Experimental program
Comparison scheme
Effect test

Embodiment 1

[0072] The preparation of embodiment 1 HEV-gene recombinant antigen coated plate

[0073] Source of HEV-gene recombinant antigen: purchased from Shanghai Biji Biotechnology Co., Ltd.

[0074] Proceed as follows:

[0075] (1) Print the barcode on the coated microporous reaction plate frame, and draw a red marking line on the raised part on the right side of the plate;

[0076] (2) After dissolving the HEV gene recombinant antigen in the coating buffer, soak the solid phase material and let it stand for 20 to 30 hours; wherein, the coating buffer is 0.05-0.1MpH8.0 (±0.2) PBS, and the coating The volume is 100 μL / well buffer solution, wherein, the buffer solution contains: 0.005-0.05% SDS; the coating working solution is added HEV gene recombinant antigen (150-400ng / mL) and 0.05%-0.5% (volume ratio) Antigen protection agent (β-mercaptoethanol) coating buffer; then add 100 μl / well into the microwell, let it stand at room temperature for 20-30 hours, and pay attention to prevent ...

Embodiment 2

[0081] The preparation of embodiment 2 europium markers

[0082] Source of mouse anti-human IgG monoclonal antibody: purchased from Beijing Xieshun Biotechnology Development Center

[0083] (1) Adjust the mouse anti-human IgG monoclonal antibody to 2.5mg / mL with ultrapure water, and dialyze overnight with a certain volume (1-5L) of dialysis solution 1 at a temperature of 20-25°C; It is 0.1mol / L, pH8.1±0.2 sodium bicarbonate buffer.

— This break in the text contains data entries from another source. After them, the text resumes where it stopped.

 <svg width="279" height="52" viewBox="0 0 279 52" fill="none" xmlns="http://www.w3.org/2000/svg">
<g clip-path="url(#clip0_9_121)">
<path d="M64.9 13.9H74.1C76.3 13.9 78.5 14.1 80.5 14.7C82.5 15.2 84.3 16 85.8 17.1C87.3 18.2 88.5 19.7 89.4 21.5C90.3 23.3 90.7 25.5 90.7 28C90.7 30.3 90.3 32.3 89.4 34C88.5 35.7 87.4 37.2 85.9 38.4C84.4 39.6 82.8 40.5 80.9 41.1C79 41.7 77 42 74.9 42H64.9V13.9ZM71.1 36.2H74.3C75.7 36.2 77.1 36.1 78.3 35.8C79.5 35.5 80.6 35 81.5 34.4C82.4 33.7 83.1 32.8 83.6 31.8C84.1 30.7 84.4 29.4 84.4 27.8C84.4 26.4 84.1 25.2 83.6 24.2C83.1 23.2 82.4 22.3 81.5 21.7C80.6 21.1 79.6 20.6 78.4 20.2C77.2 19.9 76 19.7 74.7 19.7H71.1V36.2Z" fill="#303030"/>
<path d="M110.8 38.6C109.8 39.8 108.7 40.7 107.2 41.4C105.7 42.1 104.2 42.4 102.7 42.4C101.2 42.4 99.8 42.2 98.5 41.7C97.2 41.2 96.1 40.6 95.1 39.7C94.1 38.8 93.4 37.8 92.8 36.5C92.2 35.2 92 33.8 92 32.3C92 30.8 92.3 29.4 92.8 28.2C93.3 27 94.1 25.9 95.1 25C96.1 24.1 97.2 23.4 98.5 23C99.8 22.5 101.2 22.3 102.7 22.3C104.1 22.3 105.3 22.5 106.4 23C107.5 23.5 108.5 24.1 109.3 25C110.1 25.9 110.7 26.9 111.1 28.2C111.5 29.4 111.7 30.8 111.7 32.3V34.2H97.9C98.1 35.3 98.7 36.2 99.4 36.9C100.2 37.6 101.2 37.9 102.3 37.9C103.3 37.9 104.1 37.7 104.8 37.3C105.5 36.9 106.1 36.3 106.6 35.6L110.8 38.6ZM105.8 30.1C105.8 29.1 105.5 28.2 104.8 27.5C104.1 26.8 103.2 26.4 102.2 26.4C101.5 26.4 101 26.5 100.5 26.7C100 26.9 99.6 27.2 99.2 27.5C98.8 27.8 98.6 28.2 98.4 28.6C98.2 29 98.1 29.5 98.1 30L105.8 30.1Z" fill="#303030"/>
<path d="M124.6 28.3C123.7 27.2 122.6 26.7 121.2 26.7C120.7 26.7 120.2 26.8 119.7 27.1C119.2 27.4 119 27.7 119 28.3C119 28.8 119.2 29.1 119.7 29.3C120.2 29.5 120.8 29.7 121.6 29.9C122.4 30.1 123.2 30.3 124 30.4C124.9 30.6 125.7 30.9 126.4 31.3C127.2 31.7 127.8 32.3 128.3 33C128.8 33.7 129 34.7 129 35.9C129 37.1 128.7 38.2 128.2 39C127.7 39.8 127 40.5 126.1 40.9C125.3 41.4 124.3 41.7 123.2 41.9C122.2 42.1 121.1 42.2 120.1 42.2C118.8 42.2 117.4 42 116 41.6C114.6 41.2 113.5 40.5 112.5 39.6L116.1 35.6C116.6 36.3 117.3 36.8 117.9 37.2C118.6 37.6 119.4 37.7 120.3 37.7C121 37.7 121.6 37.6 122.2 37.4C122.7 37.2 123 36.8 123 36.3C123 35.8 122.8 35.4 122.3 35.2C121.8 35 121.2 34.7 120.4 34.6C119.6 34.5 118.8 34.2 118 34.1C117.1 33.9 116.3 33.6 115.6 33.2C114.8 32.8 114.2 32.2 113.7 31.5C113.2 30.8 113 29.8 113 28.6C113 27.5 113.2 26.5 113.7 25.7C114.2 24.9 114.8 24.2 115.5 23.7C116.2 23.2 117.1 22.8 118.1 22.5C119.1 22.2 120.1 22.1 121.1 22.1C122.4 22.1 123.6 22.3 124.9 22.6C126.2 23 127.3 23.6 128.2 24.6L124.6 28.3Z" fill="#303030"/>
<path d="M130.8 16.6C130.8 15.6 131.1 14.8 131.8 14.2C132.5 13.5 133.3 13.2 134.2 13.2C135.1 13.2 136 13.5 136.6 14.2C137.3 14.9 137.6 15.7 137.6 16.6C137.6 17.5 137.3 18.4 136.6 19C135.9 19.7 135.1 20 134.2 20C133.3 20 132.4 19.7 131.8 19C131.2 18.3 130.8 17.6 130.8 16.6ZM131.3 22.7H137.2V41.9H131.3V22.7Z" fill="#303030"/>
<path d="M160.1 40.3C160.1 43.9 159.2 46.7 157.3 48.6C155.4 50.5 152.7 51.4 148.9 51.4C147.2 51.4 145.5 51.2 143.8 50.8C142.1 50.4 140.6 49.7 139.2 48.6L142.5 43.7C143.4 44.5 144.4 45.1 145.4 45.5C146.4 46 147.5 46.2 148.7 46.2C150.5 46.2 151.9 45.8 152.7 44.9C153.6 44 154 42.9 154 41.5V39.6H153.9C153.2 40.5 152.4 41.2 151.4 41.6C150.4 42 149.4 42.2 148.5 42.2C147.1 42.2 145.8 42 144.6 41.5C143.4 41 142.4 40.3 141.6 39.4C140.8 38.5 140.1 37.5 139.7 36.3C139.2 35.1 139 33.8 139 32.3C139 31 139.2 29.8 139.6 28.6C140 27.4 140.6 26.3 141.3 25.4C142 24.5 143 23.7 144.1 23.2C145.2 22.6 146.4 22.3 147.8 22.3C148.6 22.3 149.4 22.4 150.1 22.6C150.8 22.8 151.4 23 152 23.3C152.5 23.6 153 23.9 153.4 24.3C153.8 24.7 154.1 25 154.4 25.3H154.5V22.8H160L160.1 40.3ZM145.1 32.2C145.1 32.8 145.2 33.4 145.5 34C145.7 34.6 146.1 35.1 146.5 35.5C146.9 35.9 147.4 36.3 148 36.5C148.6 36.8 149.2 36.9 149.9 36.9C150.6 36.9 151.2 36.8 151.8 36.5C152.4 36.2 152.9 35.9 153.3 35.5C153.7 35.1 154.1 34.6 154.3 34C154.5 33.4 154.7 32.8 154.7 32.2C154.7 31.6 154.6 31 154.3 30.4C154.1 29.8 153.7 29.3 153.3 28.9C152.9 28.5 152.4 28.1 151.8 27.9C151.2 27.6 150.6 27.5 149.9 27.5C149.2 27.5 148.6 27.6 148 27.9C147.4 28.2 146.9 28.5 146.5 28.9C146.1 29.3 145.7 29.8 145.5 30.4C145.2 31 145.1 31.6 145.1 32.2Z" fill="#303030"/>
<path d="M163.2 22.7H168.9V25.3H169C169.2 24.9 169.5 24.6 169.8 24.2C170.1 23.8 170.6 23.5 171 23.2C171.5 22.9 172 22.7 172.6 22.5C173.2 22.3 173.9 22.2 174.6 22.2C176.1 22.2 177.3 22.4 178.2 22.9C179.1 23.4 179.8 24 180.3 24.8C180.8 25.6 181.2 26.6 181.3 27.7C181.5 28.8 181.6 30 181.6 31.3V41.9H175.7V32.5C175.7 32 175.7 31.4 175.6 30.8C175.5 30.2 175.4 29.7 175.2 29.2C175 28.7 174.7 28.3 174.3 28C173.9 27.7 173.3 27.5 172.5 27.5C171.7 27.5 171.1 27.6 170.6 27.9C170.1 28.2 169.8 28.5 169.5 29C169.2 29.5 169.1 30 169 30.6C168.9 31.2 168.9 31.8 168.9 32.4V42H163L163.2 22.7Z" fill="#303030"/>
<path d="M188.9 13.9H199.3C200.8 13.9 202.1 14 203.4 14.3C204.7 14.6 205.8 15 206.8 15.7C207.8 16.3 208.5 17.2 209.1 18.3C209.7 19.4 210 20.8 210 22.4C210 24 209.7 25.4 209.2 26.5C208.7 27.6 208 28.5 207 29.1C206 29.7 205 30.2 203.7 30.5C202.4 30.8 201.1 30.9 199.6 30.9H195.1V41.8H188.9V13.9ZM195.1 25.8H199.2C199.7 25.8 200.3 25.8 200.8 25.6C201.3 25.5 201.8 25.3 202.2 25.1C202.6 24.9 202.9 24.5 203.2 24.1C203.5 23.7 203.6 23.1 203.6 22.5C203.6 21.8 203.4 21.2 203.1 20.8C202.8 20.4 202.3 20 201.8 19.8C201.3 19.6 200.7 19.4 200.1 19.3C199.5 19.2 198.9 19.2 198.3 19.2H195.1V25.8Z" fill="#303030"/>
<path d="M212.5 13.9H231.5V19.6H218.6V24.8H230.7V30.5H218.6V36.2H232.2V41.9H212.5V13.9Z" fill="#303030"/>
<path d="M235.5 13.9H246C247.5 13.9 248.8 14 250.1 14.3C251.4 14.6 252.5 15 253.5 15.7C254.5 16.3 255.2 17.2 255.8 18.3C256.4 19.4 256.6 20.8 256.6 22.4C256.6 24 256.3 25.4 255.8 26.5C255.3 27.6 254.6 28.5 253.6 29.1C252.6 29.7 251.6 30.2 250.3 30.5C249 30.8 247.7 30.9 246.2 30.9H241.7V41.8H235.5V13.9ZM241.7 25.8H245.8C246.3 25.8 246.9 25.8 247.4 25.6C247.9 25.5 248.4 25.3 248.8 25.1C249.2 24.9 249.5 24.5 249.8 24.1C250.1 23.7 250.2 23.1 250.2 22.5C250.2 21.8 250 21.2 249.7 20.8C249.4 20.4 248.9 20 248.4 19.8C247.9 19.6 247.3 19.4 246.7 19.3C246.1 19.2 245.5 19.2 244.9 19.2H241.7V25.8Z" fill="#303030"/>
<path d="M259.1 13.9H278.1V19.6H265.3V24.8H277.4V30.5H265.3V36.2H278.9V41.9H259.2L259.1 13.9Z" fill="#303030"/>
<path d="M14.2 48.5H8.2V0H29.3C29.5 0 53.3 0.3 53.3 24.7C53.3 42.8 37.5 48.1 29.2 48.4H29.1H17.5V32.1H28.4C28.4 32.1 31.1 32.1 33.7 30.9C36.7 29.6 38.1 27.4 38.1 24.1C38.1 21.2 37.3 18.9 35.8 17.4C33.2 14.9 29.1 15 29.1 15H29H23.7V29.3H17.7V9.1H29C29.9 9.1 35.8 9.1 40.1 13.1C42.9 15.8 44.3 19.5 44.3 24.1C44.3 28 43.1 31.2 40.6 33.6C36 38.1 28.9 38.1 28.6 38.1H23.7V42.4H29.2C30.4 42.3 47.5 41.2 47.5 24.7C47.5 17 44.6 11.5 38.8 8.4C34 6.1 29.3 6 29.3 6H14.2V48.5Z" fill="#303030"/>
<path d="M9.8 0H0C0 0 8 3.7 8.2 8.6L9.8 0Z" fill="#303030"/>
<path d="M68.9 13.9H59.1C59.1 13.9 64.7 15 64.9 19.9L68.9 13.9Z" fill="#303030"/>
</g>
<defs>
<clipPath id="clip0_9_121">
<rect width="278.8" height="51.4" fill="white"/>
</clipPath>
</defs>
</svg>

[0084] The dialysis time is 24h±2h, and the liquid is changed twice with an interval of more than 3 hours; after that, the dialysis solution 2 is used in the temperature range of 20-25°C; the dialysis buffer 2 is 0.1mol / L, pH 9.4± 0.2 CBS buffer. Dialyze for 24h±2h, change the medium twice, the time interval is more than 3 hours, and change the medium after get off work, and then dialyze overnight.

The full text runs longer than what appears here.